Collection: La vie entre

De 23 juillet 2026 à 12 septembre 2026

L’exposition est portée par les mondes végétaux suspendus d’Isabelle Parson. Ses photographies, prises dans des serres abandonnées, révèlent des espaces où la vie persiste même en s’éteignant. Feuilles tombantes, insectes immobiles, humidité suspendue dans l’air — chaque image habite un état entre l’être et le disparaître. Dans ces lieux de lente décomposition, la lumière devient une substance vivante, et le monde végétal semble planer en équilibre fragile. Parson établit la profondeur existentielle qui imprègne l’exposition — une gravité tranquille où la vie et le déclin coexistent en tension.

Vanessa Yanow prolonge cette gravité dans le royaume du corps. Ses assemblages textiles — manches, gants, architectures douces — évoquent des gestes fantomatiques, des bras qui tendent, tiennent ou témoignent d’une absence. Le toucher devient un langage, un lien invisible, une mémoire contenue dans la matière. Ses œuvres incarnent la présence du corps là où il n’est plus, une extension corporelle du seuil existentiel ouvert par Parson.

Carolina Magis Weinberg explore le temps lui-même comme un état liminal. Ses confettis — attrapés en pleine chute, incrustés dans la matière ou réimaginés à travers l’image — habitent le moment précis entre l’ascension et la descente. Ils capturent l’éclat de la fête : la vibration d’un instant qui s’estompe, la couleur qui s’attarde, la joie qui devient souvenir. Dans ses œuvres, le temps se suspend, comme si chaque fragment refusait de toucher le sol.

Hea R. Kim apporte une dimension fantastique et ludique à la constellation.

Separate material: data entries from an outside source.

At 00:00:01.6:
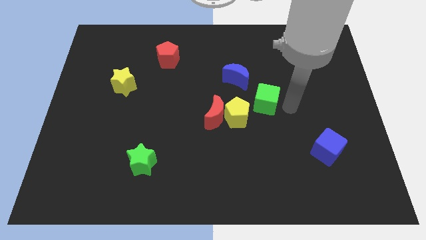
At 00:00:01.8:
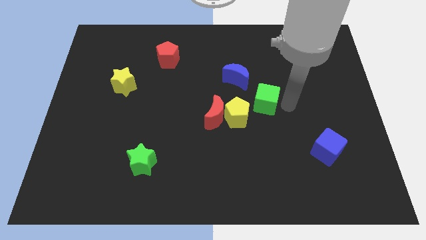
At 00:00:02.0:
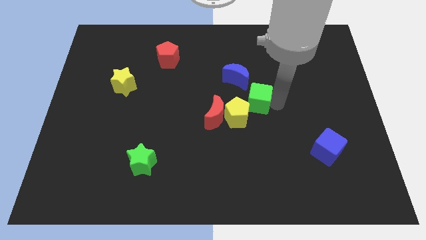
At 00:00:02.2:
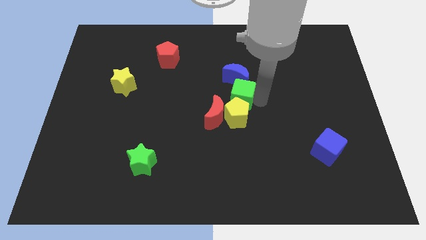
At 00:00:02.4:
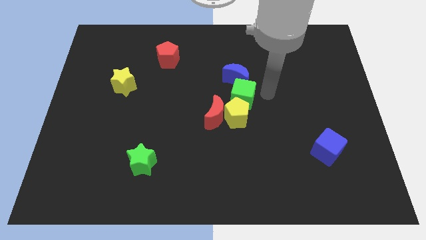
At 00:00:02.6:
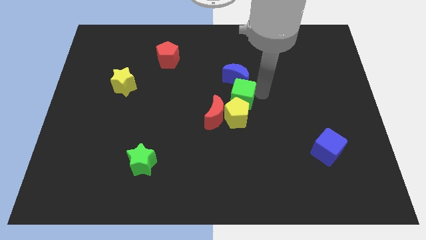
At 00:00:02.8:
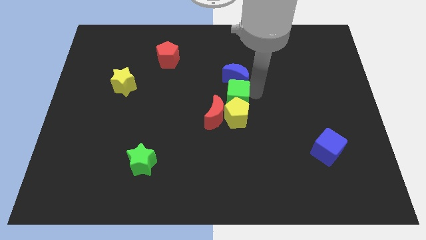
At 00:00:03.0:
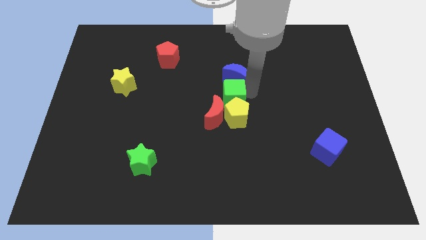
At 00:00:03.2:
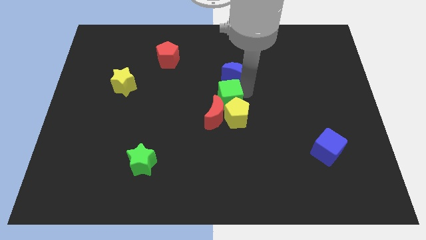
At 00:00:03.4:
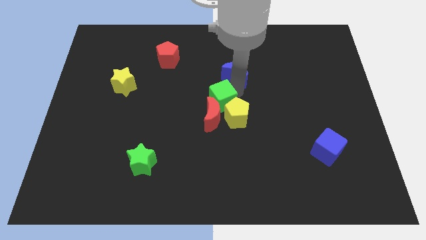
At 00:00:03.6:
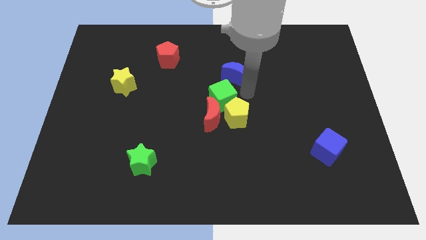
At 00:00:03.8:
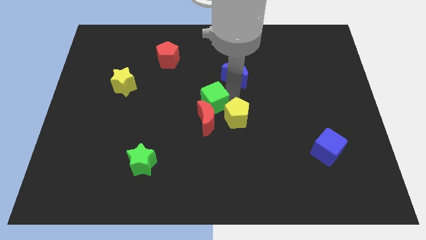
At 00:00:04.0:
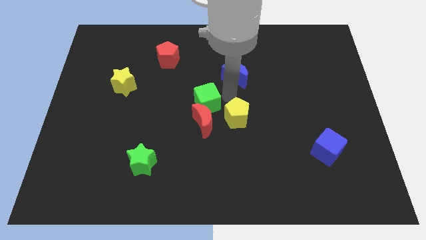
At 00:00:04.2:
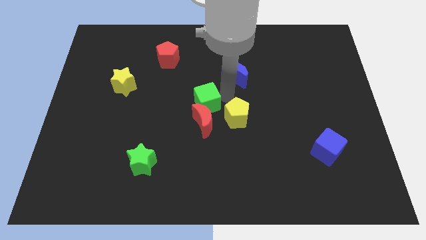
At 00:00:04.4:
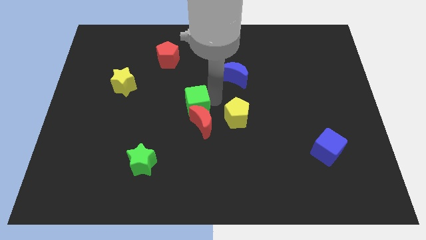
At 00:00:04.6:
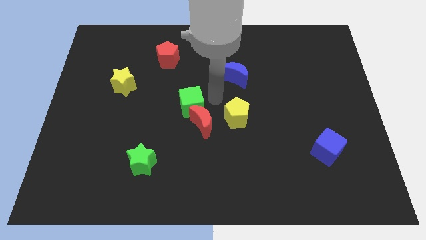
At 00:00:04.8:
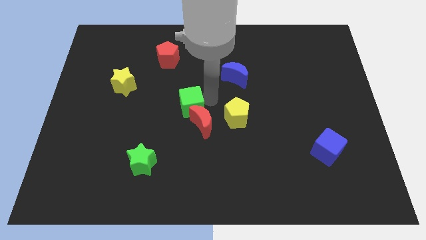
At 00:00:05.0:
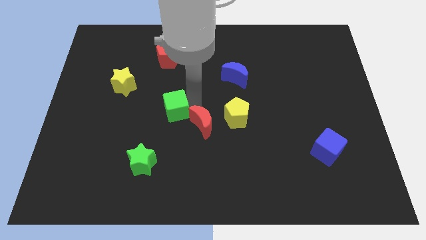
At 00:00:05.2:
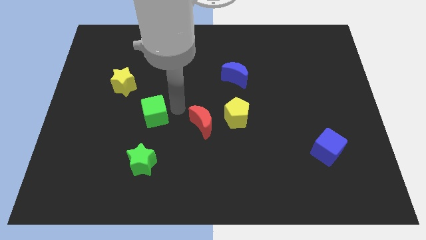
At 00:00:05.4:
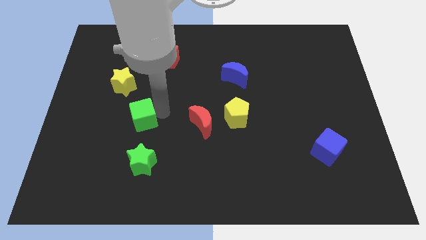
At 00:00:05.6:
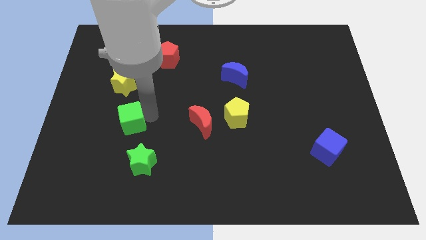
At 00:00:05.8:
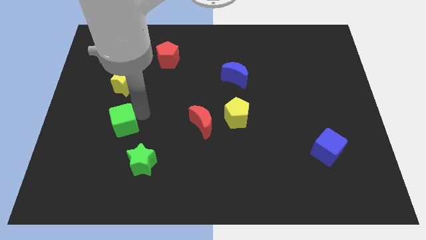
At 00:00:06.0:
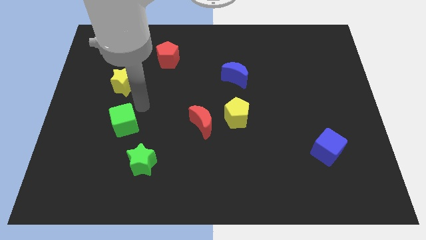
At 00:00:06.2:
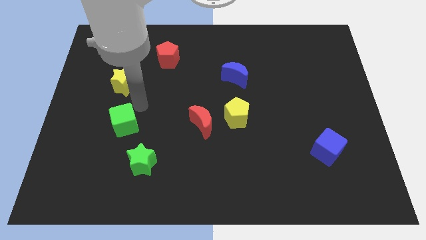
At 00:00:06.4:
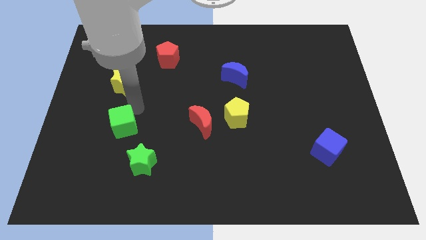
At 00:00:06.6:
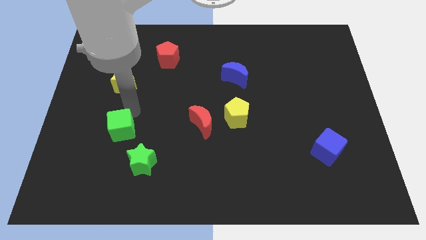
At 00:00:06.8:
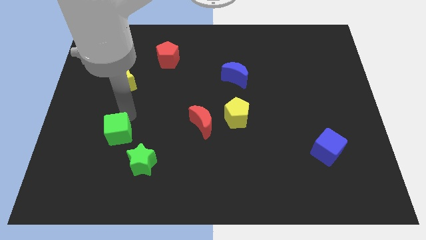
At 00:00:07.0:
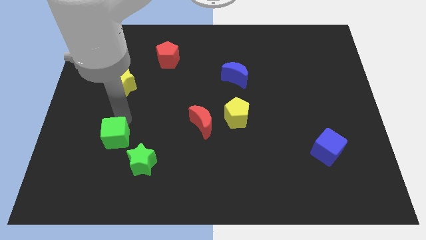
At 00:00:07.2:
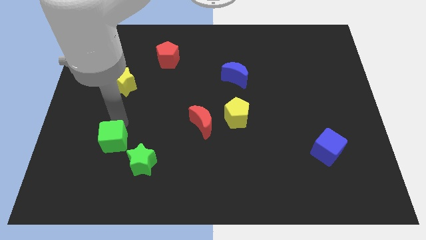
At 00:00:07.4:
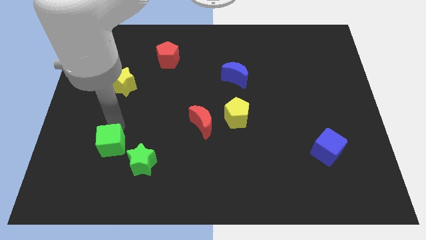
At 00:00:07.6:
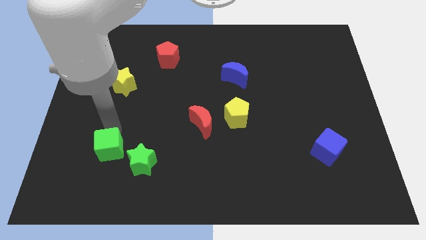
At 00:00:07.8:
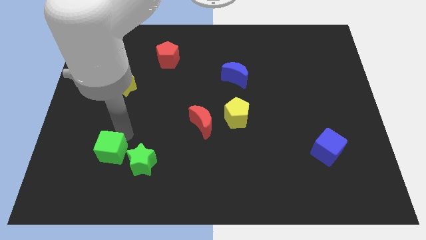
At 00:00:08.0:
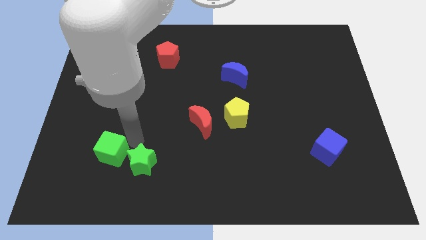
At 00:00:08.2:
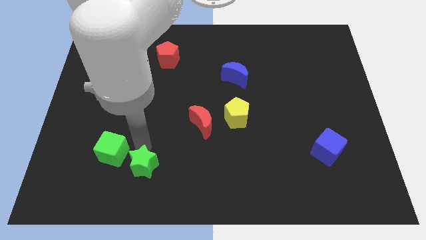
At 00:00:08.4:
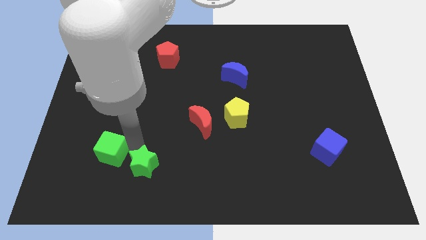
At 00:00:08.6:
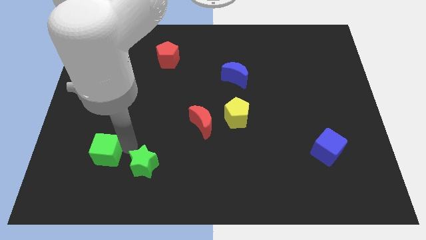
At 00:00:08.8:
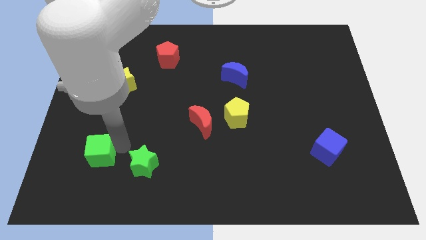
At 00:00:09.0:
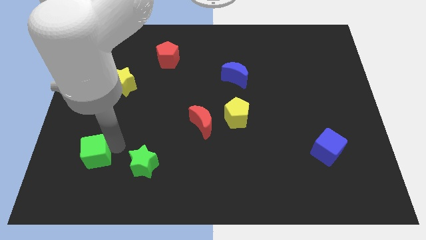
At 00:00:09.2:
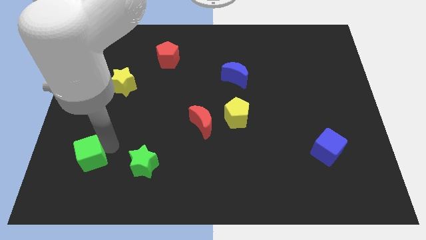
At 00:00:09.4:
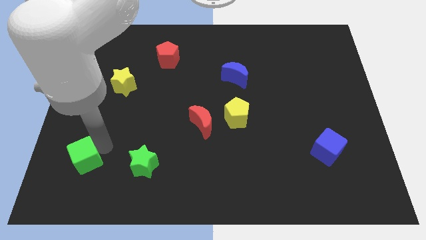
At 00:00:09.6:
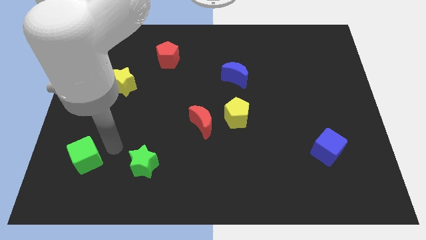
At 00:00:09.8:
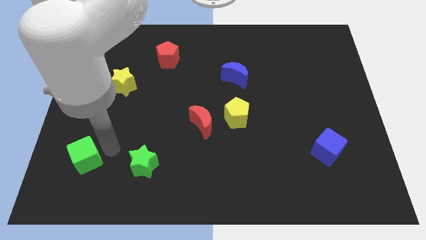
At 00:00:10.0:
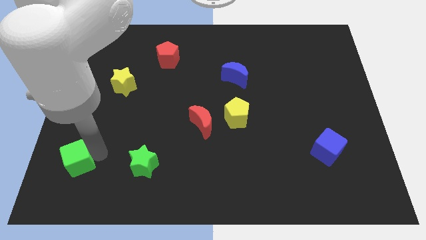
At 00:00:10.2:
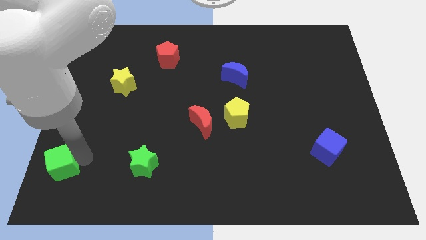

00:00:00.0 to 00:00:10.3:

Ses formes hybrides en céramique — mi-créature, mi-ornement, mi-mythe — jouent avec l’héritage, la transformation et l’humour. Elles habitent un espace où la tradition est réinventée, où l’identité devient un corps en métamorphose. Dans leur étrange joie, ces sculptures ouvrent un seuil où le réel et l’imaginaire se rencontrent.

Ensemble, les quatre artistes tracent un continuum de transformation : existentiel, corporel, temporel, mythique. Elles révèlent comment les corps — humain, végétal, textile, festif ou hybride — prennent forme à travers la vulnérabilité et la porosité du monde matériel. L’exposition invite les visiteurs à habiter ces espaces liminaux où la matière écoute, les gestes persistent, le temps se suspend et les formes se réinventent.

Et quand le regard revient sur Parson, quelque chose demeure : une lumière tremblante, un souffle retenu, un monde qui continue d’exister dans l’entre-deux.